I don’t understand why PyTorch is making so much memory unavailable – seemingly taking just enough to trigger the memory error.
Thanks in advance.
+-----------------------------------------------------------------------------+
| NVIDIA-SMI 528.49 Driver Version: 528.49 CUDA Version: 12.0 |
|-------------------------------+----------------------+----------------------+
| GPU Name TCC/WDDM | Bus-Id Disp.A | Volatile Uncorr.

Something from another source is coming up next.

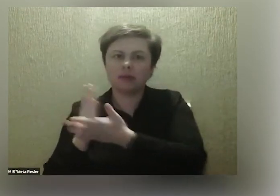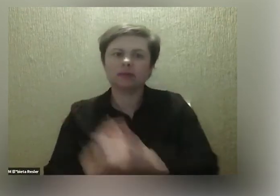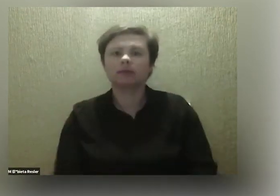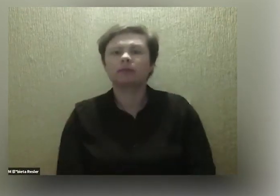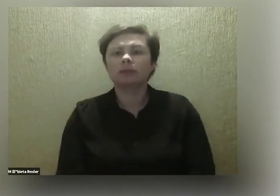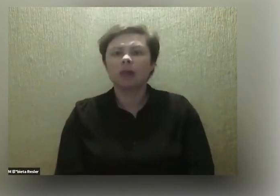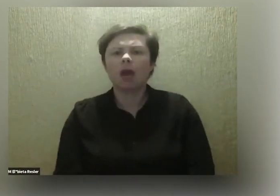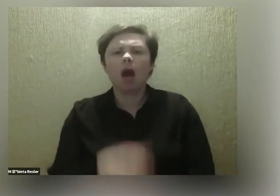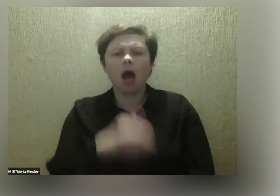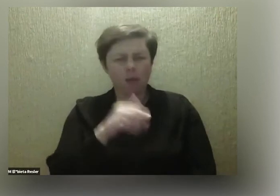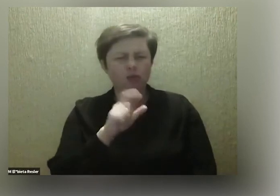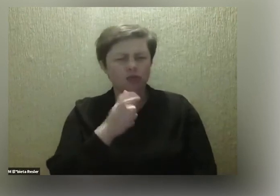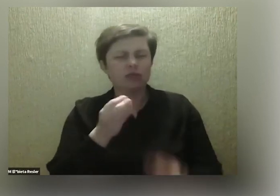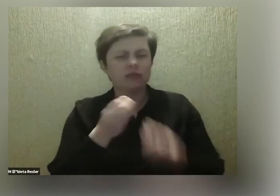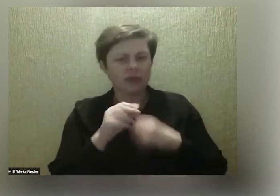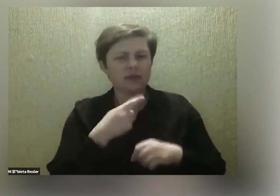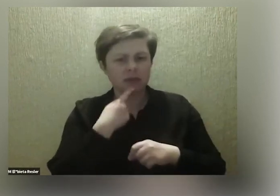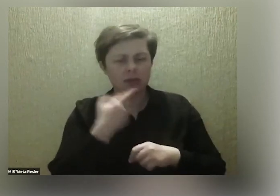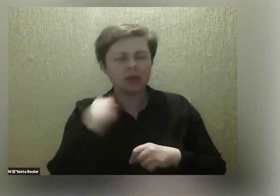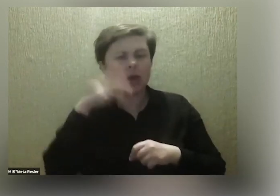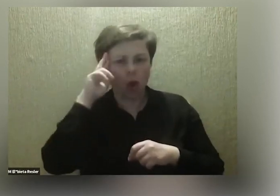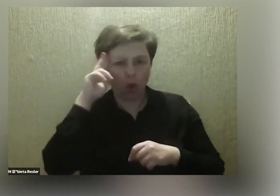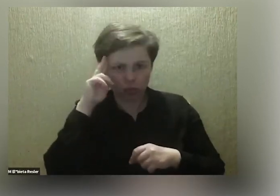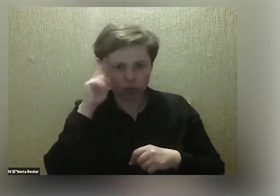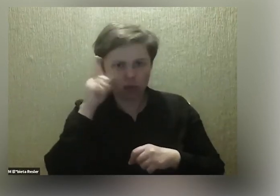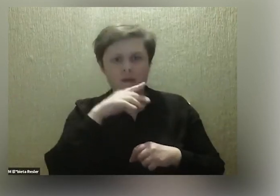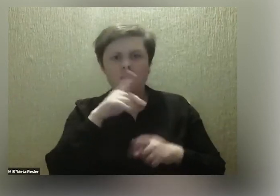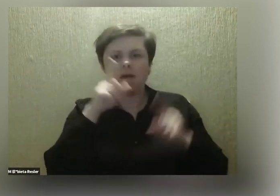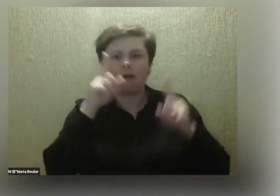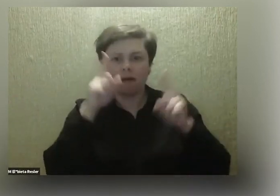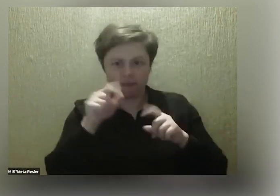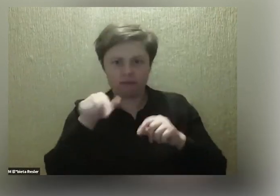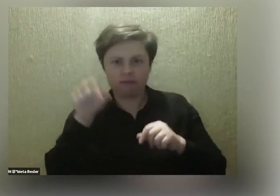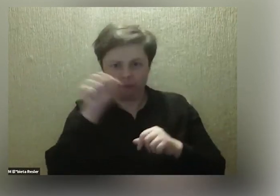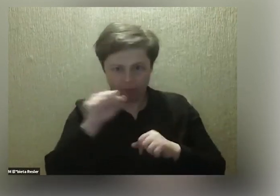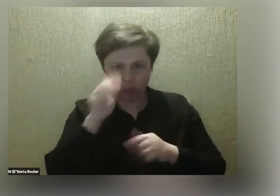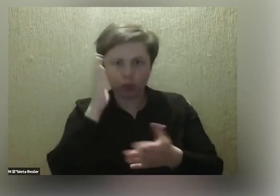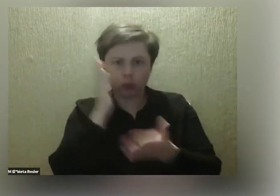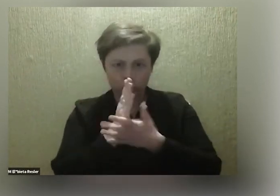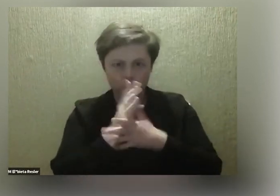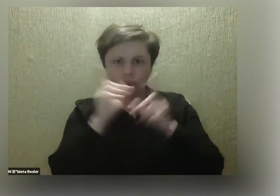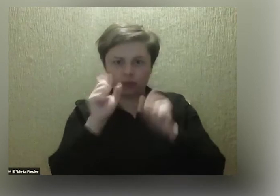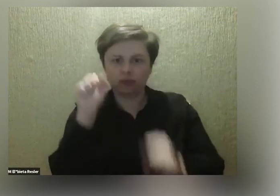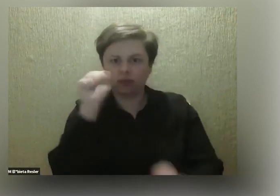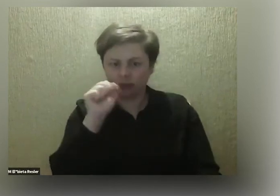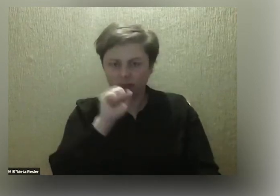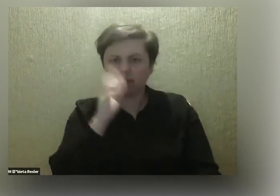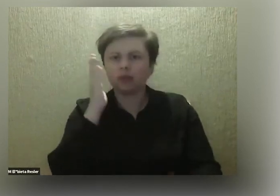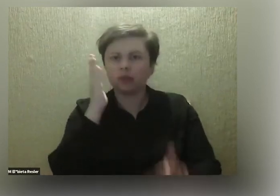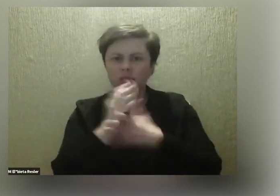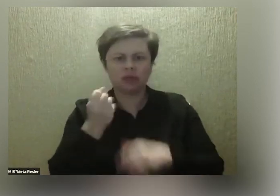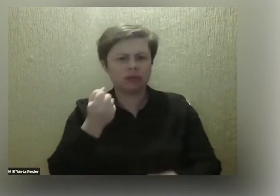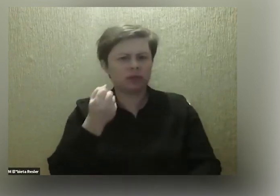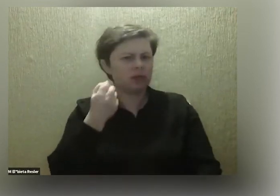Możesz coś powiedzieć więcej, bo rozumiem, że to wystartuje we Wrocławiu, tak? To już wystartowało. Kilka

ECC |
| Fan Temp Perf Pwr:Usage/Cap| Memory-Usage | GPU-Util Compute M. |
| | | MIG M. |
|===============================+======================+======================|
| 0 NVIDIA GeForce ... WDDM | 00000000:01:00.0 On | N/A |
| 30% 29C P8 13W / 288W | 16045MiB / 16376MiB | 11% Default |
| | | N/A |
+-------------------------------+----------------------+----------------------+
+-----------------------------------------------------------------------------+
| Processes: |
| GPU GI CI PID Type Process name GPU Memory |
| ID ID Usage |
|=============================================================================|
| 0 N/A N/A 4448 C+G ...01.200\msedgewebview2.exe N/A |
| 0 N/A N/A 8764 C+G C:\Windows\explorer.exe N/A |
| 0 N/A N/A 10440 C+G ...n1h2txyewy\SearchHost.exe N/A |
| 0 N/A N/A 10472 C+G ...artMenuExperienceHost.exe N/A |
| 0 N/A N/A 11792 C+G ...y\ShellExperienceHost.exe N/A |
| 0 N/A N/A 12344 C+G ...2gh52qy24etm\Nahimic3.exe N/A |
| 0 N/A N/A 12932 C+G ...cw5n1h2txyewy\LockApp.exe N/A |
| 0 N/A N/A 14796 C+G ...e\PhoneExperienceHost.exe N/A |
| 0 N/A N/A 15404 C+G ...perience\NVIDIA Share.exe N/A |
| 0 N/A N/A 16256 C+G ...oft\OneDrive\OneDrive.exe N/A |
| 0 N/A N/A 16428 C+G ...me\Application\chrome.exe N/A |
| 0 N/A N/A 17872 C+G ...pingTool\SnippingTool.exe N/A |
| 0 N/A N/A 18044 C+G ...Vantage\LenovoVantage.exe N/A |
| 0 N/A N/A 19068 C+G ...8bbwe\WindowsTerminal.exe N/A |
| 0 N/A N/A 20320 C+G ...ge\Application\msedge.exe N/A |
| 0 N/A N/A 22388 C+G ...ark-0.29.4.0\gpushark.exe N/A |
| 0 N/A N/A 24528 C+G ...01.200\msedgewebview2.exe N/A |
| 0 N/A N/A 25696 C+G ...01.203\msedgewebview2.exe N/A |
| 0 N/A N/A 26592 C+G ...txyewy\CHXSmartScreen.exe N/A |
| 0 N/A N/A 27040 C+G ...lPanel\SystemSettings.exe N/A |
| 0 N/A N/A 29772 C ...rior\anaconda3\python.exe N/A |
+-----------------------------------------------------------------------------+